# Akron Fishing



## TheSportsGuyDM (Jul 18, 2004)

In a month or so, i will be moving to Akron. I am currently scouting the fishing story in and around the Akron area. Any tips and hot spots anyone can give would be appreciated.


----------



## AndroDoug (Apr 12, 2004)

Mogadore reservoir is hands down the best for bass and panfish, elec only though, but lots of shore access. Nimisila is another great electric lake with walleyes too. The portage lake complex of lakes are big HP lakes with many lakes that offer decent to great fishing on numerous species.

If you are a little more specific on your question (type of fish, boat Y or N, and engine type), all these guys here will be happy to help!


----------



## Big Daddy (Apr 6, 2004)

Lots of variety in the Akron area. Bass, crappie, gills, catfish, carp, and the occasional walleye all can be had. You can even pick up some smallies and pike in the Cuyahoga once you get to know it.

Doug is right though, depends on the boat set up you have and what you're looking for, and how far you want to travel. 

We'll get you hooked up on the fishing around here. Welcome to OGF and Northeast Ohio.


----------



## Alter (Apr 8, 2004)

You'll like the fishing opportunities in this area. Like Doug mentioned, the best bass lakes up here (Mogadore, Nimi, and Ladue) only allow electric motors but they are worth the effort to fish because they are excellent bass waters. There are good muskie lakes (West Branch and Pymatuning), and good crappie lakes (West Branch and Mosquito) as well. Also, several of the lakes have huge bluegill and redears (Mogadore and others). About the only fish you won't find nearby are saugeye but Mosquito, Pymatuning and Nimi have walleye.

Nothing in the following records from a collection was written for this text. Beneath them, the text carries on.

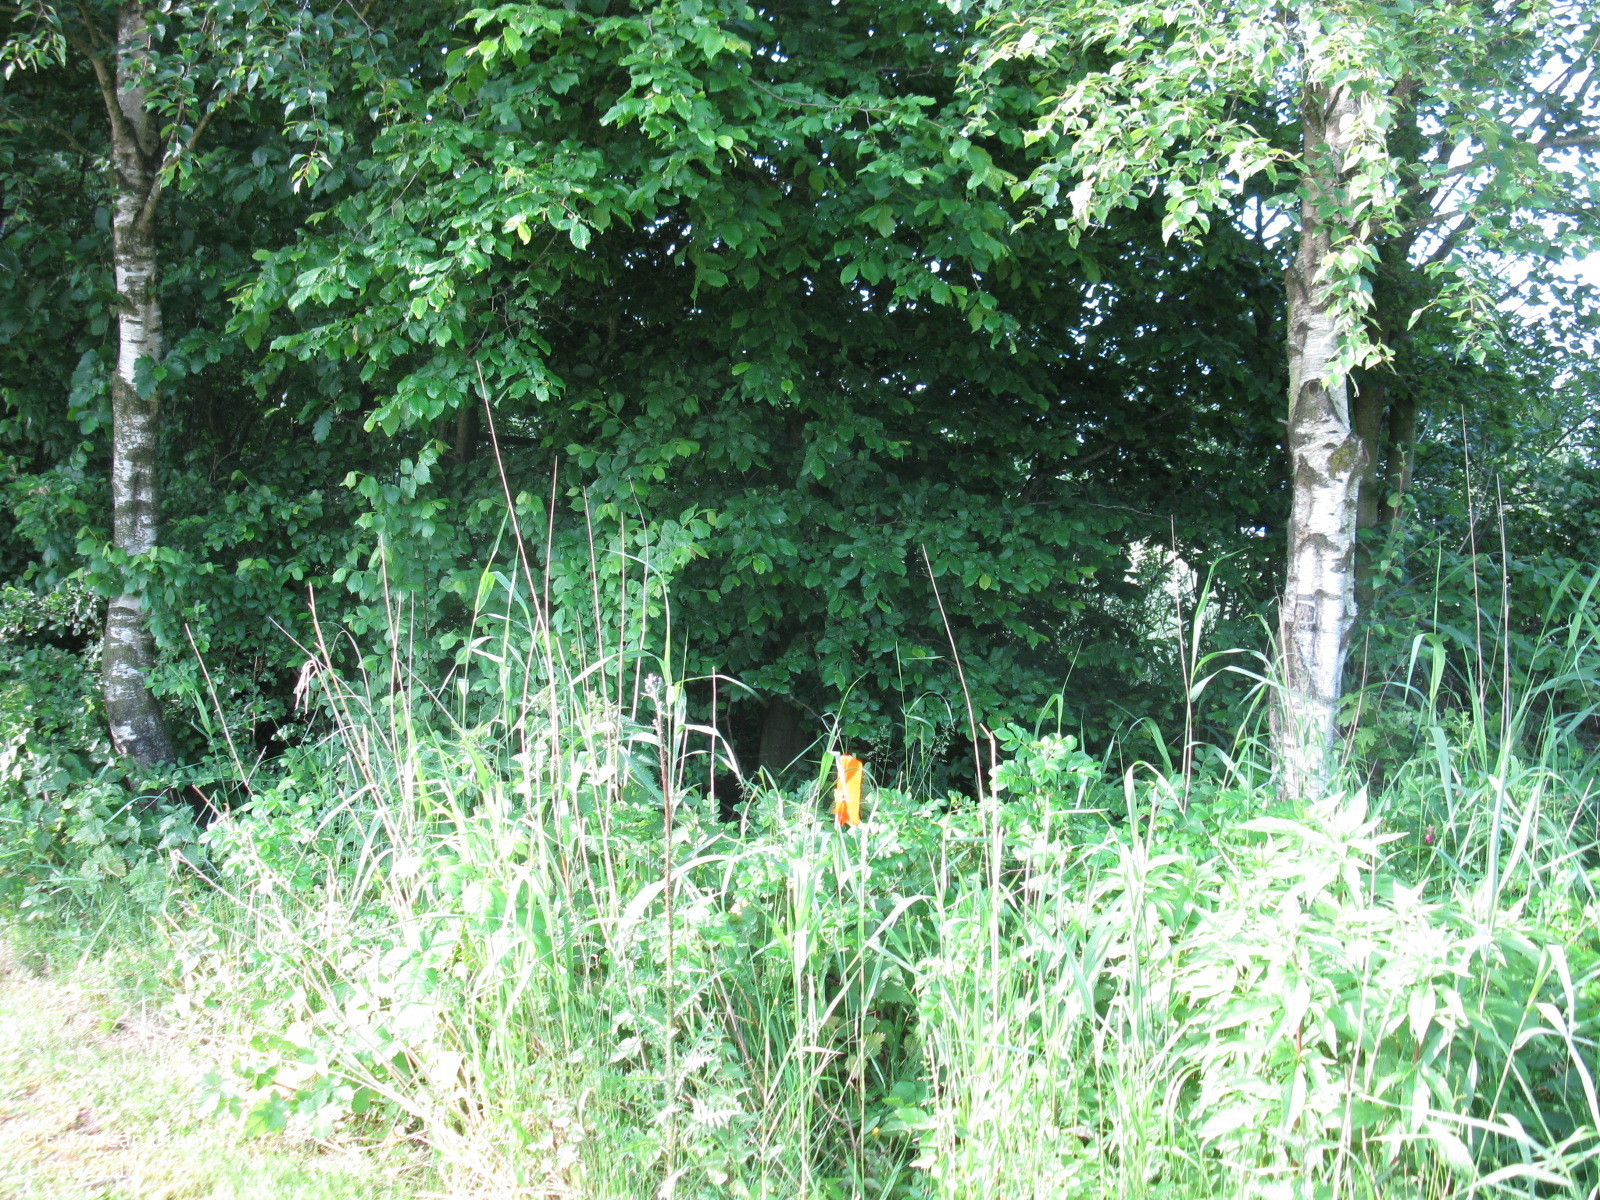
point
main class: Woodland
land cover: Broadleaved woodland
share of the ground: > 75 %
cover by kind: broadleaved forest trees 100 %
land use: Commerce
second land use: Amenities, museums, leisure
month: June
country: DE
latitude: 53.4439
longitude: 7.3057
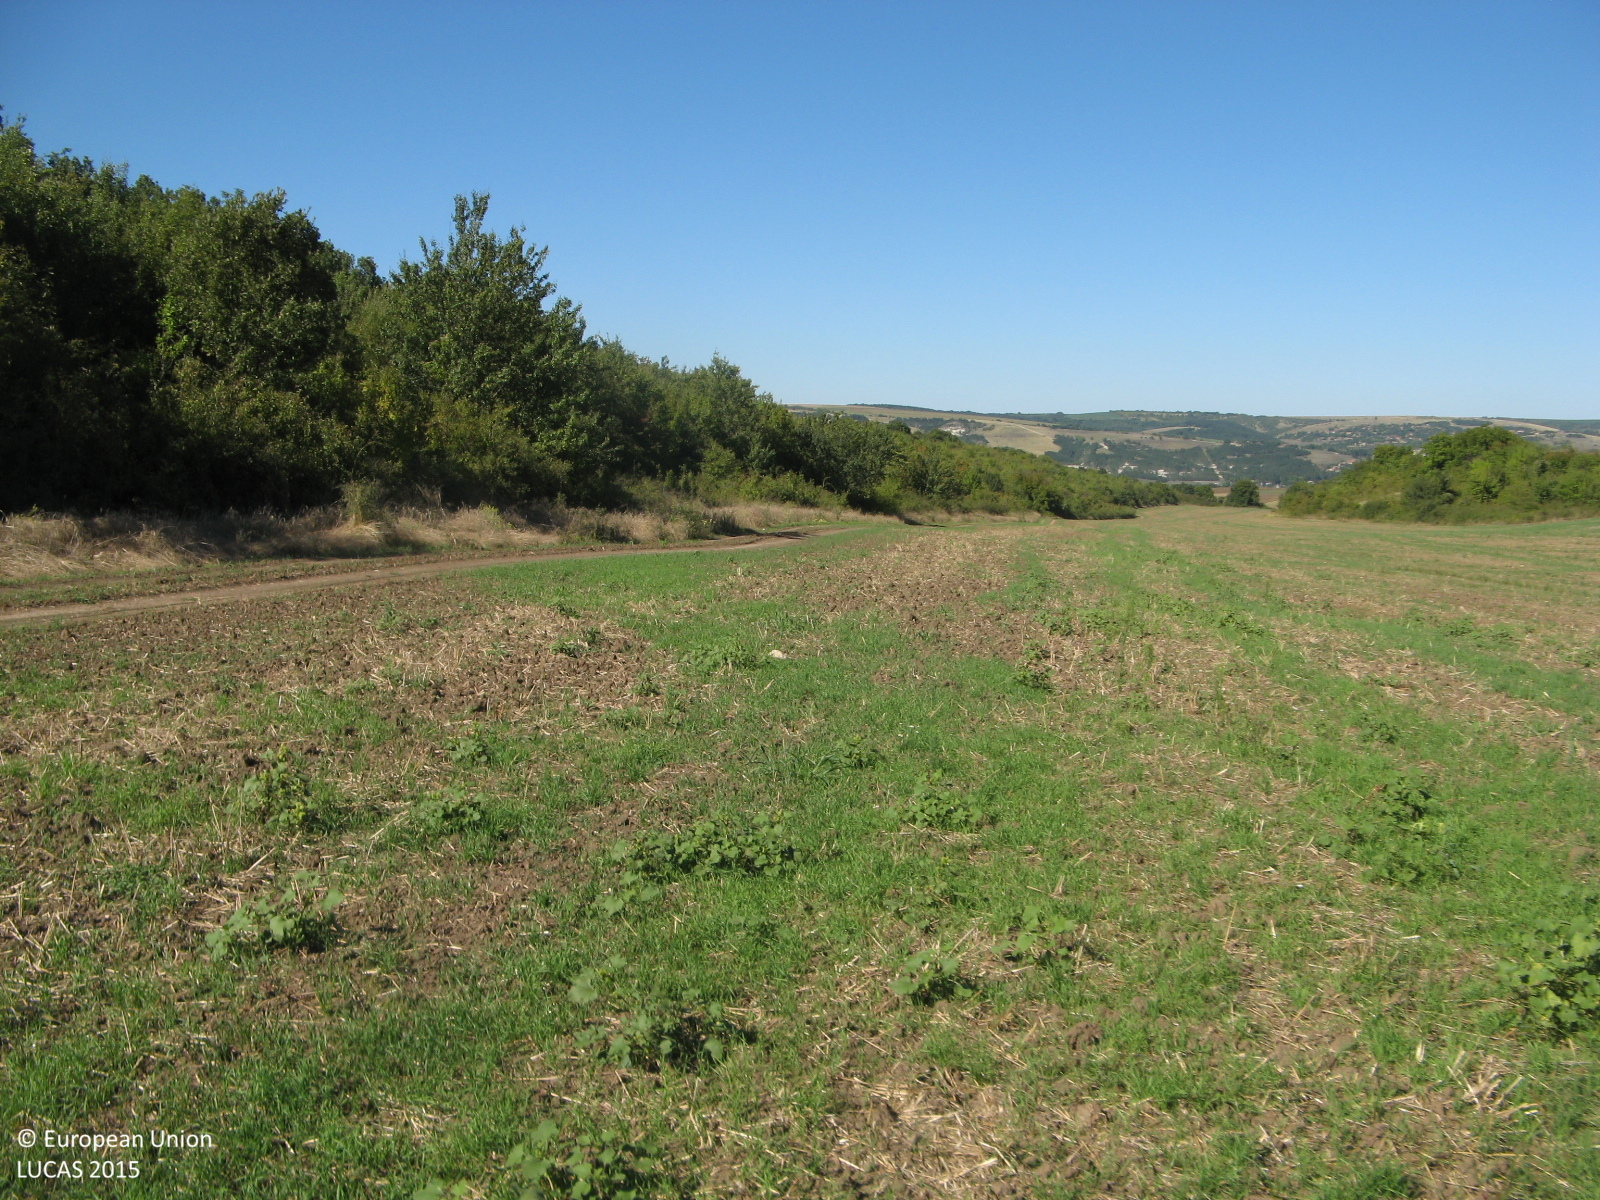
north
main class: Cropland
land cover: Common wheat
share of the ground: < 10 %
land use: Agriculture (excluding fallow land and kitchen gardens)
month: September
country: BG
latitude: 43.4978
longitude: 26.0346
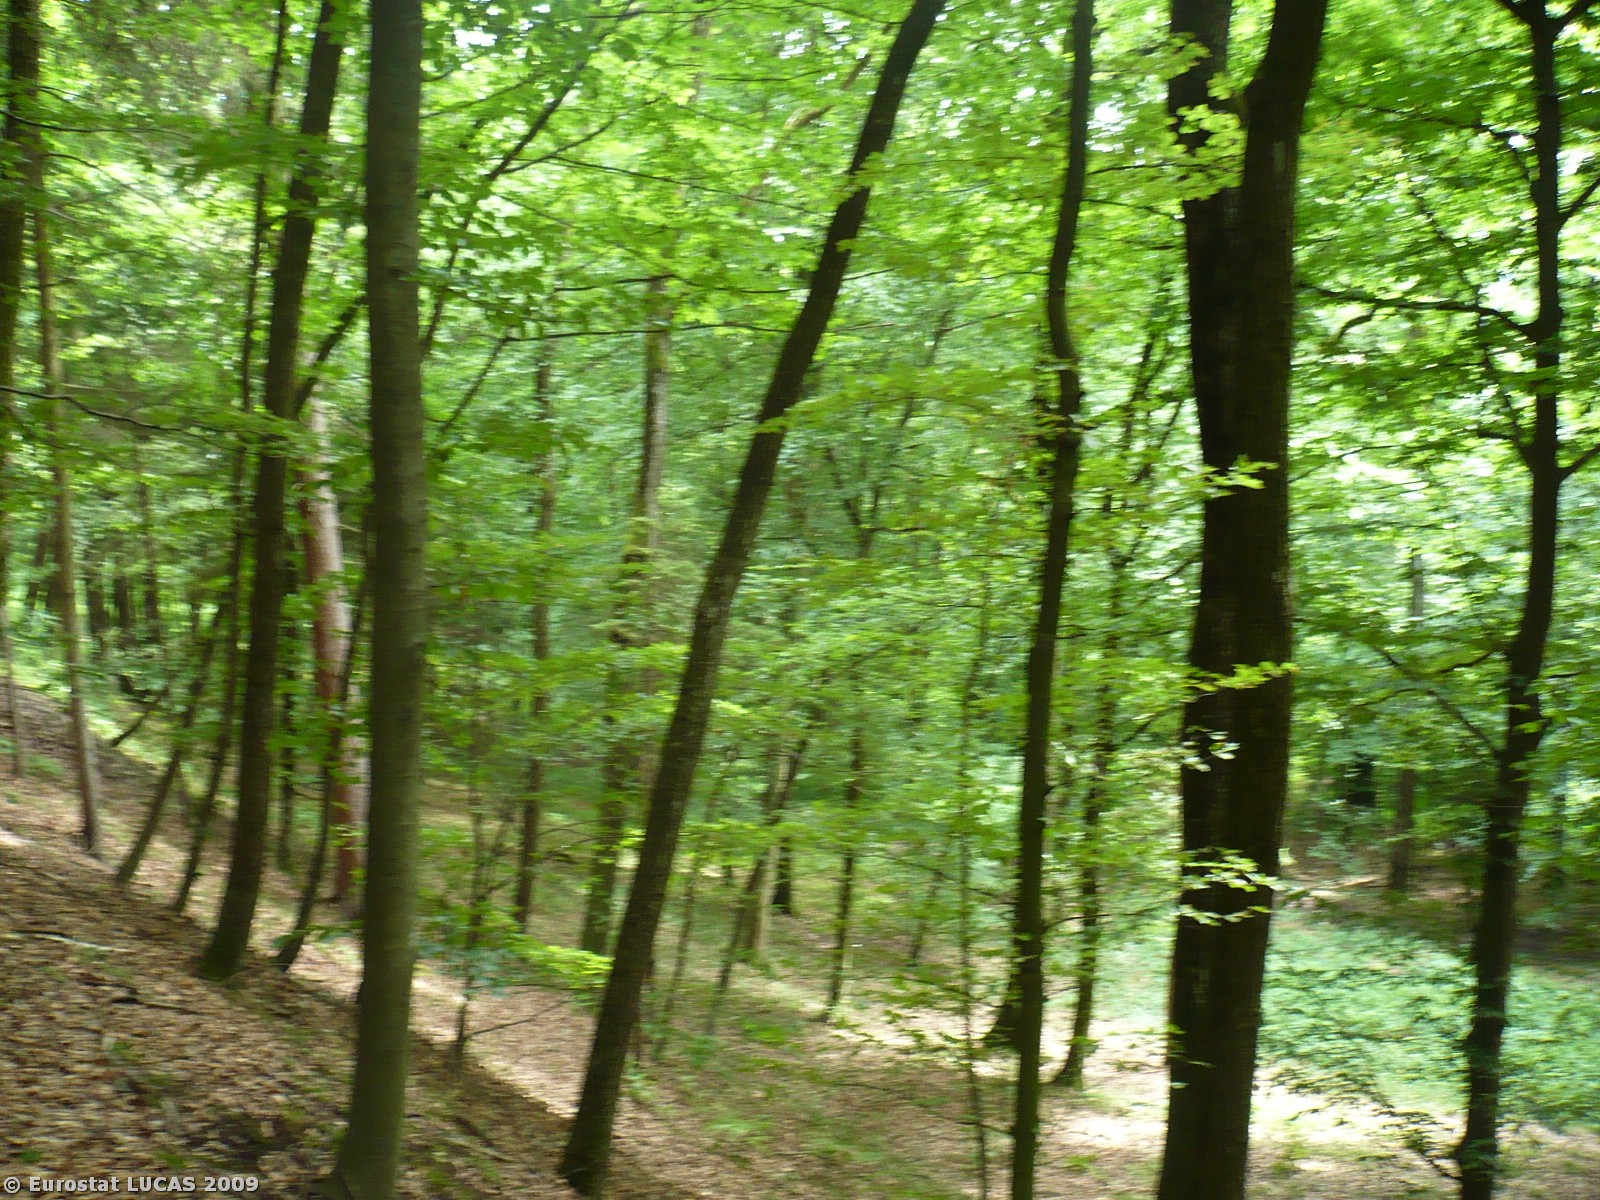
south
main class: Woodland
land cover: Broadleaved woodland
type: mesophytic deciduous forest
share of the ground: > 75 %
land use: Forestry
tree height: > 5 m
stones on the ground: < 10 %
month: June
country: SI
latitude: 46.5777
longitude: 16.0417
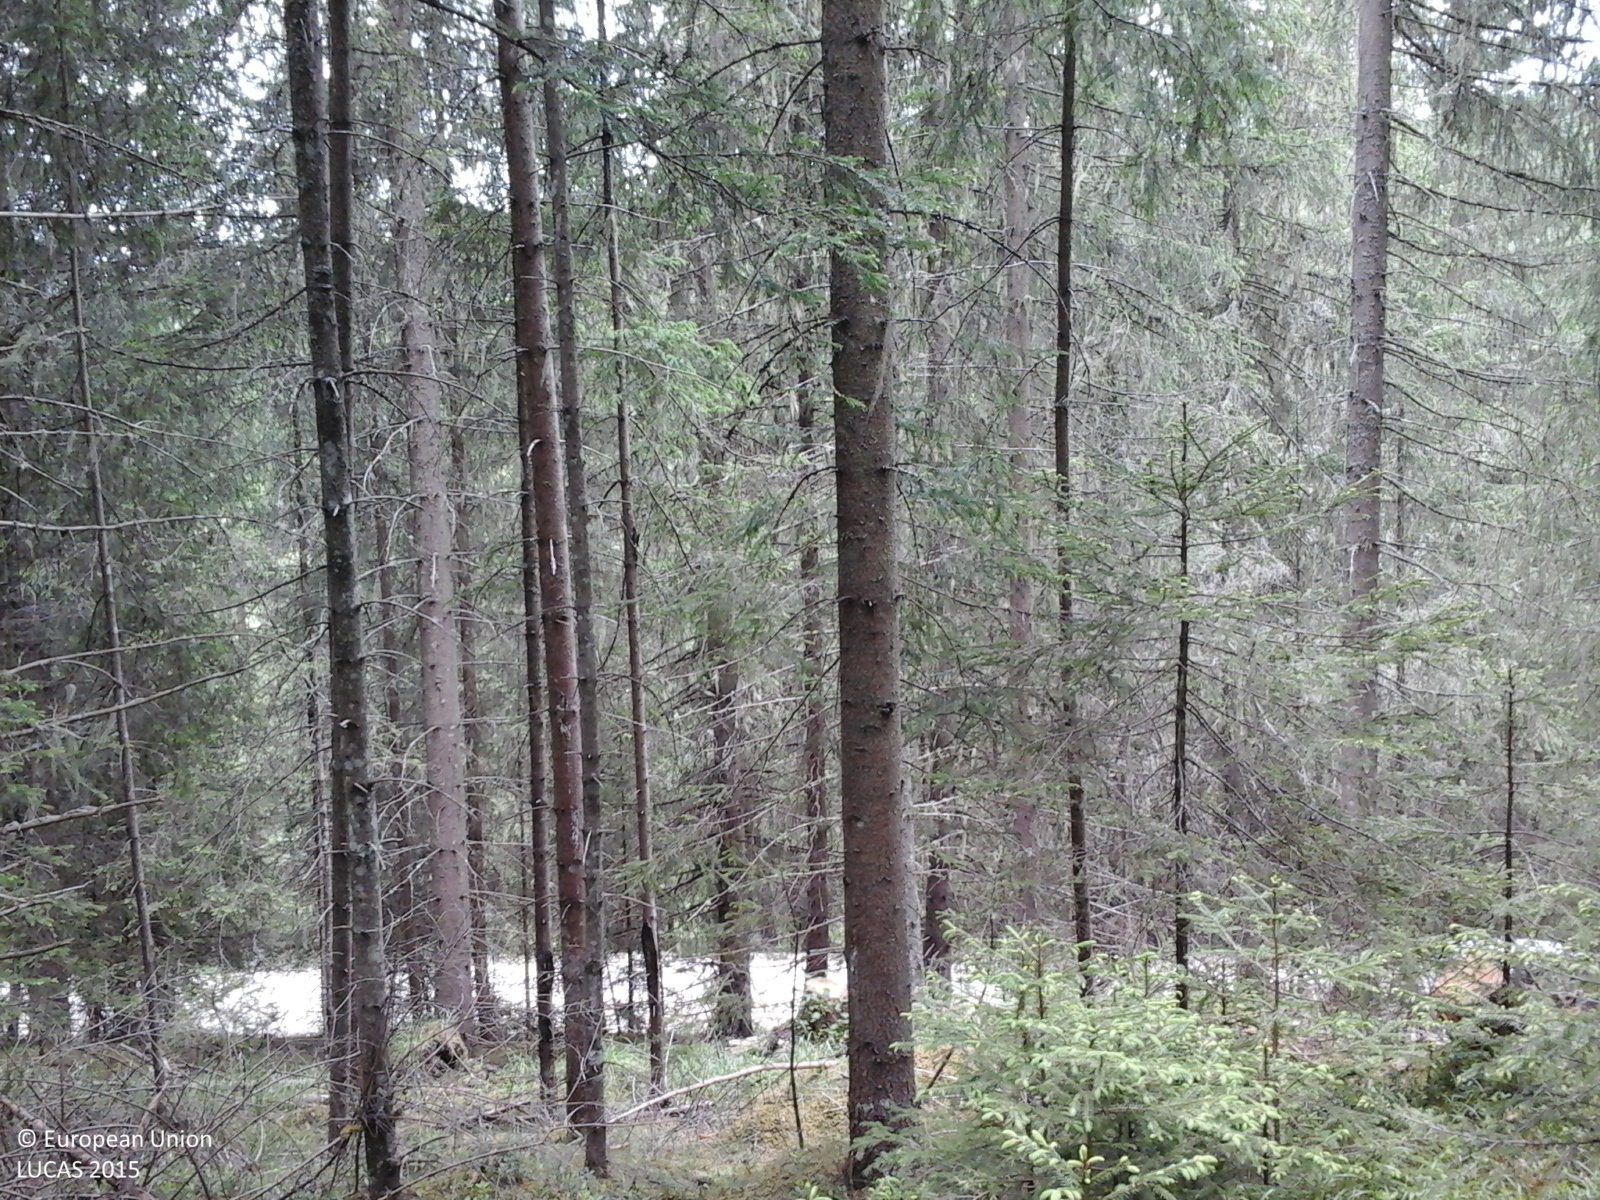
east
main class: Woodland
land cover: Spruce dominated coniferous woodland
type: alpine coniferous forest
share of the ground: > 75 %
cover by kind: coniferous forest trees 100 %
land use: Forestry
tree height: > 5 m
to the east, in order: Spruce dominated coniferous woodland; Tracks; Spruce dominated coniferous woodland; Grassland with sparse tree/shrub cover; Spruce dominated coniferous woodland; Inland fresh running water; Spruce dominated coniferous woodland
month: June
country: RO
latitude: 47.1480
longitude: 25.4225

Then you can throw in the short trip to Lake Erie for awesome walleyes, perch, smallies and the stealhead run plus the great icefishing all over the place in the winter around here. Honestly, the hardest part of fishing here isn't finding a spot to fish, it's figuring out how to fish all the spots 

About the only way you would be dissapointed in the fishing here is if you are after big flatheads, those are pretty rare in this part of the state.


----------



## TheSportsGuyDM (Jul 18, 2004)

I will not have my own boat, but have access to boats with both electric and gas powered motors. As for species, I am really up for any and all species. I just love to fish. I am familiar with Lake Erie fishing, since I am aoriginally from Columbus. I do most of my fishing for all species, but usually try and fish for bass, crappie, saugeye and walleye.


----------



## AndroDoug (Apr 12, 2004)

That doesn't narrow it down too much. But if you can get a gas boat, the Portage Lakes complex might offer the best bet for you. Try bass around the docks and all the areas of pads with either flukes, texas rigged ribbon tail worms, or maybe a senko skipped under a dock or pontoon. Dark seems to be working better this year.

Springfield Lake has been real good to me for bass the 2 times I have been to it for bass as well. Both times were in the past week and a half. I did REAL well around pad points and docks on opaque pink or smoke colored worms, both with sparkles if you can. They have a high HP limits as well.

All lakes I fish with a 12" or 14" aluminum semi vee with an elec or 7 HP set up and have no problem. You picked a good area to come to as the sandy/gravely/glacial soils make great nest building sites and weed growth substrate.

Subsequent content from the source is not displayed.